PROMPT -
The answer must be an exact copy of all the data below.

[Data records]
■ ■ ■ ■
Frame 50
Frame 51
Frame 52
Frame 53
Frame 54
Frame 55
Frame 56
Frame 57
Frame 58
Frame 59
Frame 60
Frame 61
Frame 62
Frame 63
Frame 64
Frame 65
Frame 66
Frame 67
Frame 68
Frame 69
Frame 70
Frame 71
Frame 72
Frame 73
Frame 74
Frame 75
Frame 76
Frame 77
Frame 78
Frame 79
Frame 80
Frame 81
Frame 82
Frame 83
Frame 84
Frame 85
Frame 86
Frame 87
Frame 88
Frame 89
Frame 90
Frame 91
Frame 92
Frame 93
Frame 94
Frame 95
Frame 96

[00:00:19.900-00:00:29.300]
■ ■ ■ ■
ANSWER SPACE -
Frame 50
Frame 51
Frame 52
Frame 53
Frame 54
Frame 55
Frame 56
Frame 57
Frame 58
Frame 59
Frame 60
Frame 61
Frame 62
Frame 63
Frame 64
Frame 65
Frame 66
Frame 67
Frame 68
Frame 69
Frame 70
Frame 71
Frame 72
Frame 73
Frame 74
Frame 75
Frame 76
Frame 77
Frame 78
Frame 79
Frame 80
Frame 81
Frame 82
Frame 83
Frame 84
Frame 85
Frame 86
Frame 87
Frame 88
Frame 89
Frame 90
Frame 91
Frame 92
Frame 93
Frame 94
Frame 95
Frame 96

[00:00:19.900-00:00:29.300]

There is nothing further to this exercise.